(Foto: Anthony Niño de Guzmán / El Comercio)
(Foto: Anthony Niño de Guzmán / El Comercio)
Editorial El Comercio

Hace apenas dos días, opinábamos aquí que la reunión de la Comisión Lava Jato con el presidente Kuczynski, a celebrarse en esa misma jornada, debía ser para las dos partes algo más que un enojoso trámite a cumplir para poder dar paso a lo inexorable: la votación de la nueva moción de vacancia presidencial sobre la base de posiciones ya adoptadas.

La referida sesión, en efecto, estaba llamada a arrojar nuevas luces sobre la materia que la comisión investiga, pero, de acuerdo con lo anunciado por los voceros de distintas bancadas parlamentarias, también a aportar elementos que pudieran definir el apoyo o rechazo de cada una de ellas a la mencionada iniciativa. Para el jefe de Estado era, pues, una oportunidad de persuadir, con precisiones y detalles aún no revelados, a algunos de los sectores que hasta ese momento no parecían dispuestos a respaldarlo en la votación de este jueves. Y para los legisladores de toda denominación, una ocasión de hurgar en lo que todavía no tuvieran claro sobre los pasados vínculos entre Odebrecht y el actual mandatario; pero, al mismo tiempo, de escuchar sin prejuicios los argumentos con los que él procura demostrar que no ha incurrido en una conducta que lo perfile como un incapaz moral permanente.

Pues bien, la cita se produjo y duró casi ocho horas, que, a no dudarlo, han de haber sido extenuantes. Pero, aunque tuvo lugar a puerta cerrada y no es dominio público qué fue exactamente lo que se dijo o se dejó de decir en ella, a juzgar por lo declarado por cada una de las partes tras la reunión, el ejercicio resultó estéril.

Mientras que el presidente afirmó a través de su cuenta de Twitter: “Con apertura democrática respondí a todas las interrogantes de la Comisión Lava Jato” (una versión de los hechos secundada frente a la prensa por el único miembro oficialista del grupo de trabajo parlamentario, Gilbert Violeta), otros asistentes –como Mauricio Mulder (Apra), Víctor Andrés García Belaunde (Acción Popular) y hasta la propia presidenta de la comisión, Rosa Bartra (Fuerza Popular)– han sostenido en diversos tonos que el jefe del Estado respondió de manera reiterativa, general y evasiva.

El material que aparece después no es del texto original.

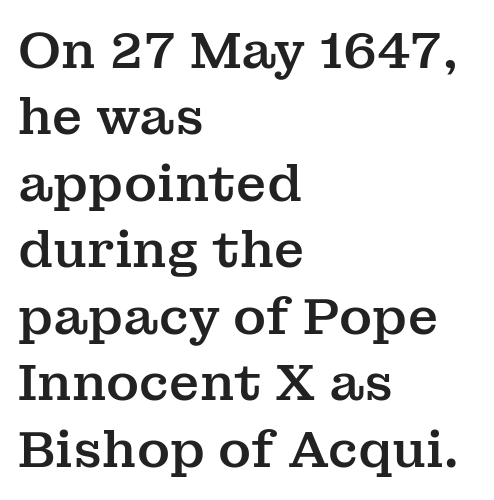
Q: Is the text italic (slanted)? A: No, it is upright.
Q: Is the typeface a serif or a sans-serif typeface? A: Serif.
Q: Is the text underlined? A: No.
Q: How is the paragraph aligned? A: Left-aligned.
Q: Is the spacing between letters normal or unusually wide? A: Normal.
Q: Is the spacing between lines tight, normal or loose? A: Normal.
Q: Width (condensed, normal, or wide)? A: Normal.
Q: Stroke contrast? A: Medium.
Q: x-height? A: Medium.
Q: Monospaced? A: No.
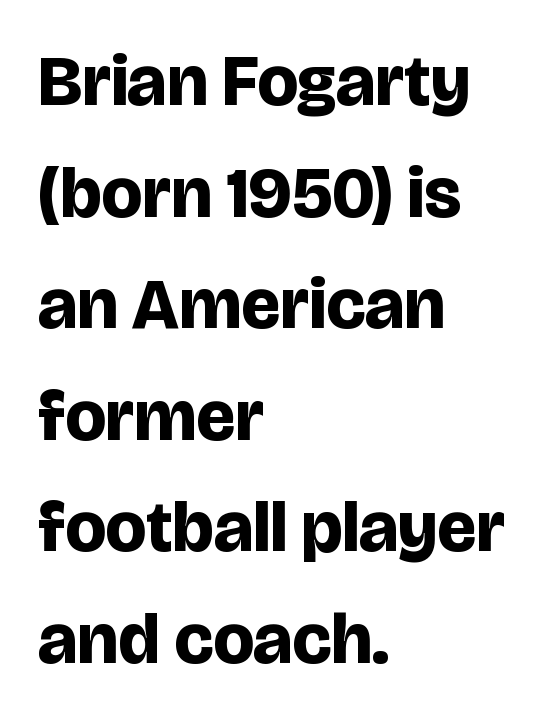
Q: Is the text bold? A: Yes.
Q: Is the text italic (slanted)? A: No, it is upright.
Q: Is the typeface a serif or a sans-serif typeface? A: Sans-serif.
Q: Is the text underlined? A: No.
Q: How is the paragraph aligned? A: Left-aligned.
Q: Is the spacing between letters normal or unusually wide? A: Normal.
Q: Is the spacing between lines tight, normal or loose? A: Normal.
Q: Width (condensed, normal, or wide)? A: Normal.
Q: Stroke contrast? A: Low.
Q: x-height? A: Large.
Q: Monospaced? A: No.
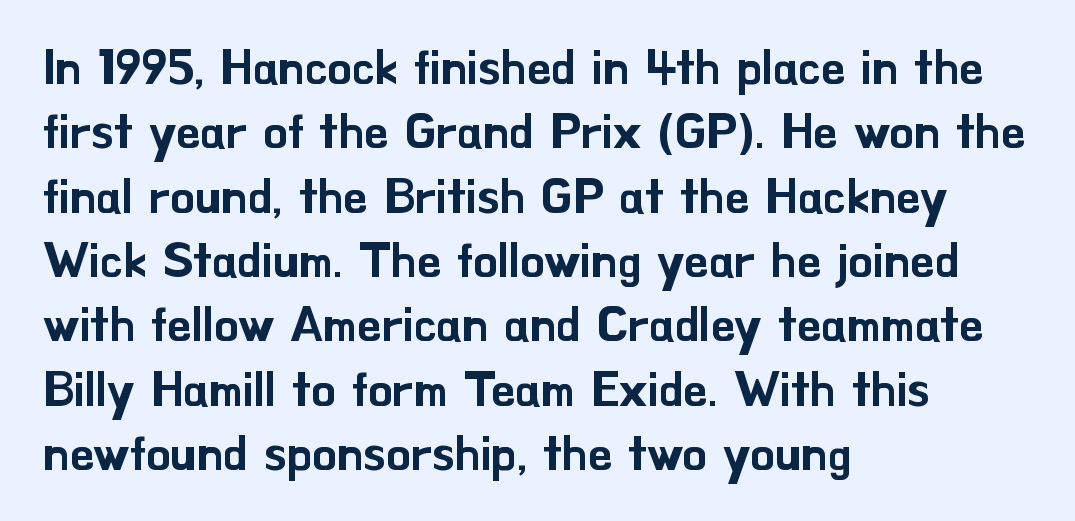
{"serif": "no", "italic": "no", "width": "normal", "stroke_contrast": "low", "x_height": "small", "monospaced": "no", "underline": "no", "align": "left", "line_spacing": "normal", "line_spacing_ratio": 1.34, "letter_spacing": "normal", "letter_spacing_em": 0.0, "glyph_px": 48}
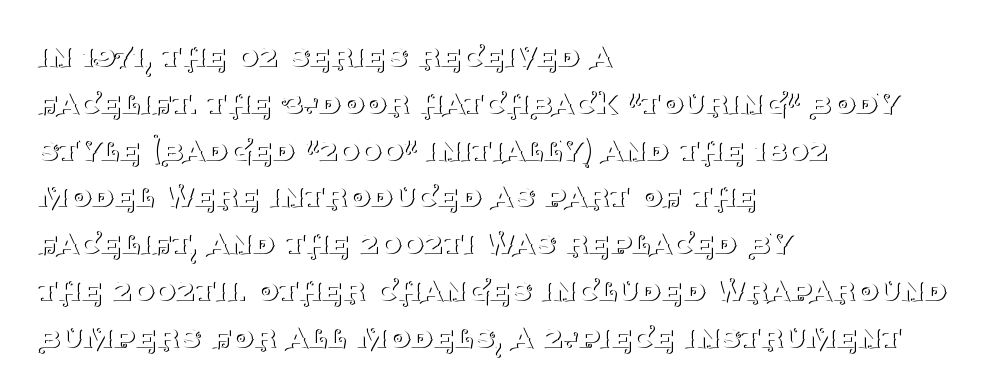
Q: Is the text bold? A: No.
Q: Is the text italic (slanted)? A: No, it is upright.
Q: Is the typeface a serif or a sans-serif typeface? A: Serif.
Q: Is the text underlined? A: No.
Q: How is the paragraph aligned? A: Left-aligned.
Q: Is the spacing between letters normal or unusually wide? A: Normal.
Q: Is the spacing between lines tight, normal or loose? A: Normal.
Q: Width (condensed, normal, or wide)? A: Normal.
Q: Stroke contrast? A: Medium.
Q: x-height? A: Large.
Q: Monospaced? A: No.
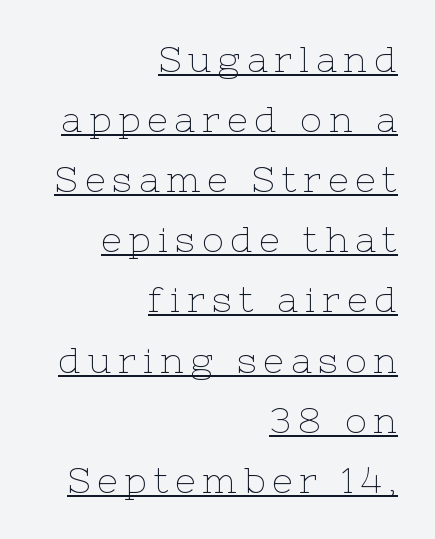
Q: Is the text bold? A: No.
Q: Is the text italic (slanted)? A: No, it is upright.
Q: Is the typeface a serif or a sans-serif typeface? A: Serif.
Q: Is the text underlined? A: Yes.
Q: How is the paragraph aligned? A: Right-aligned.
Q: Is the spacing between lines tight, normal or loose? A: Normal.
Q: Width (condensed, normal, or wide)? A: Normal.
Q: Stroke contrast? A: Low.
Q: x-height? A: Medium.
Q: Monospaced? A: No.
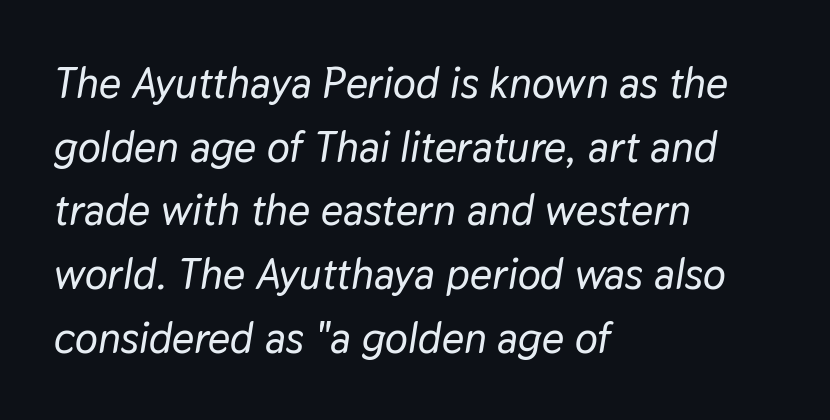
{"italic": "yes", "lean": "right", "slant_degrees": 9, "width": "normal", "stroke_contrast": "low", "x_height": "medium", "monospaced": "no", "underline": "no", "align": "left", "line_spacing": "normal", "line_spacing_ratio": 1.48, "letter_spacing": "normal", "letter_spacing_em": 0.0, "glyph_px": 43}
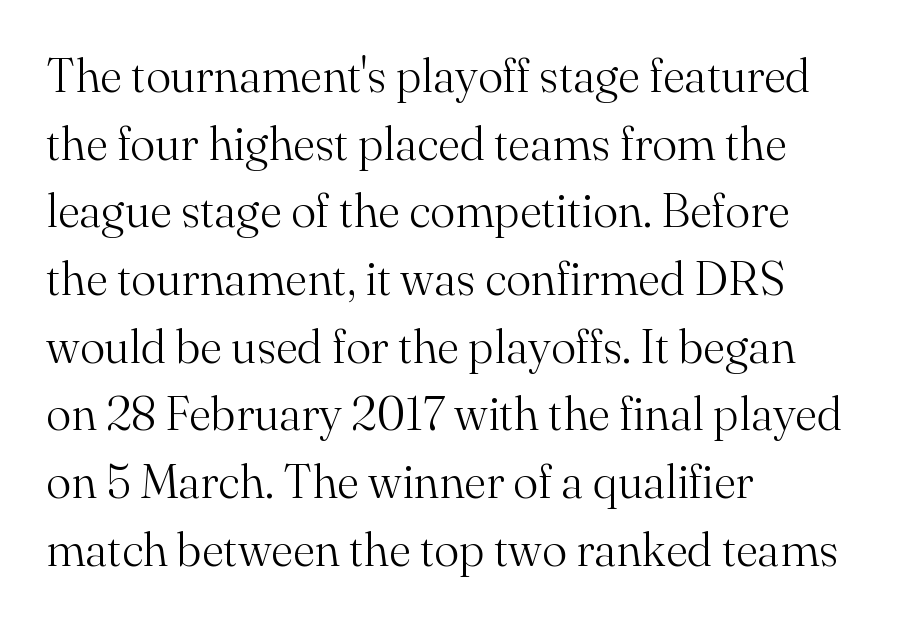
{"serif": "yes", "italic": "no", "bold": "no", "weight": "light", "width": "normal", "stroke_contrast": "medium", "x_height": "small", "monospaced": "no", "underline": "no", "align": "left", "line_spacing": "normal", "line_spacing_ratio": 1.44, "letter_spacing": "normal", "letter_spacing_em": 0.0, "glyph_px": 47}
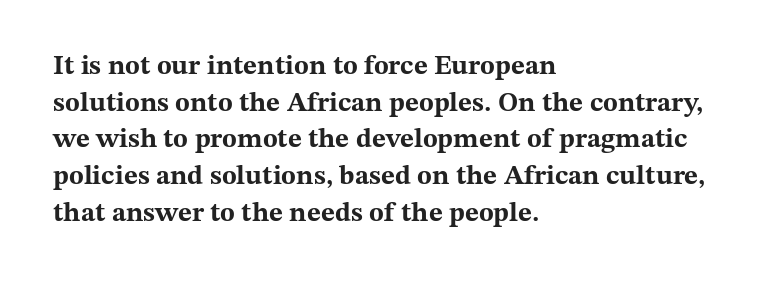
{"italic": "no", "bold": "yes", "underline": "no", "align": "left", "line_spacing": "normal", "line_spacing_ratio": 1.36, "letter_spacing": "normal", "letter_spacing_em": 0.0, "glyph_px": 27}
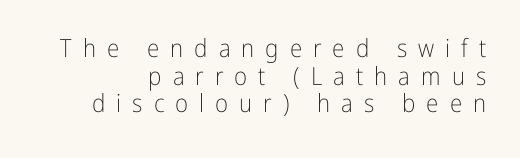
A flush-right, rag-left setting is used for this passage. The specimen reads as upright at a glance. The passage shown is not underscored anywhere. The gaps between neighbouring characters are conspicuously large. The characters are drawn with everyday or finer stroke widths.

Como es obvio, las dos cosas no pueden haber ocurrido, lo que sugiere que el evento tuvo una naturaleza esencialmente política; esto es, de bandería partidaria o de facción con relación a la trascendental decisión que debe adoptarse el jueves. O, dicho de otra forma, fue una manera de ganar –o más bien, perder– tiempo mientras se evaluaban las consecuencias políticas de pronunciarse el 22 en un sentido o el otro.

Como en una carrera de circuito, se diría que durante ocho horas los legisladores y el presidente dieron fundamentalmente vueltas en torno a lo mismo: a lo que ya había expresado antes cada uno de ellos, sin auténtica esperanza de cambiar el punto de vista de quien escuchaba desde el otro extremo. Y como en una carrera de circuito, también, se hace difícil distinguir quién aventajó a quién.

Si volvemos entonces a la reflexión que motivaba nuestro editorial del viernes, resulta claro que aconteció exactamente lo que temíamos: la sesión se transformó en un mero trámite enojoso a ser superado para poder encarar el trance de la vacancia sin que nadie pudiera objetar luego ánimo de evasión, por un lado, o festinación ‘express’ del debido proceso, por el otro. Un triste homenaje a la peruanísima tradición de las oportunidades perdidas.

De más está decir que no nos alegra haber anticipado el riesgo. Lo que se define esta semana con respecto al futuro del país es mucho más que quién le gana la mano a quién en una compulsa por el poder. Eso, en el mejor de los casos, es anecdótico.

Aquí lo que importa es definir de la manera más certera y objetiva posible si el trauma que supone vacar a un presidente constitucional –cualquiera que sea su nombre– se justifica a partir de los hechos o conductas que se le imputan. Y la sesión del viernes no ha servido para eso.